The strengths of our study are that it is first of all a systematic review of the literature with meta-analysis, taking into account randomised controlled trials. The selected studies had good methodological quality with a Jadad score=3/5 for 13 of them. Furthermore, a full reading of articles and data collection was performed independently by two individuals. Finally, the trials included in this meta-analysis were homogeneous, which reinforces even more the results obtained. The key words in our search strategy included ‘randomized controlled trial’ and trials not indexed as ‘randomized clinical trials’ in PubMed might have been missed.

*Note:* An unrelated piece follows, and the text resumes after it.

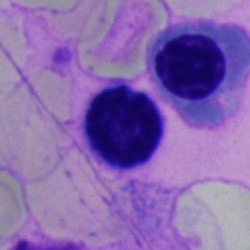 Specimen: bone marrow aspirate smear.
Morphological class: typical lymphocyte.

However, our search strategy search was also based on Embase and Cochrane CENTRAL and not restricted to randomised controlled trials in these databases. Another potential limitation of this work is that our review was based on only 16 trials and the results might be different with more studies. However, the trials were homogeneous with narrow CIs; thus, we assume that additional trials would most likely not change the direction of the results.

Our work reports in RA no significant difference in the occurrence of serious adverse events, serious infections, tuberculosis or death between bDMARDs as monotherapy compared with bDMARDs and methotrexate. This confirms the safety of the established choice to combine methotrexate with a bDMARD, in the absence of methotrexate contraindication or intolerance, without any additional risk to the patient. However, we note a trend, although insignificant, in favour of monotherapy for the risk of tuberculosis.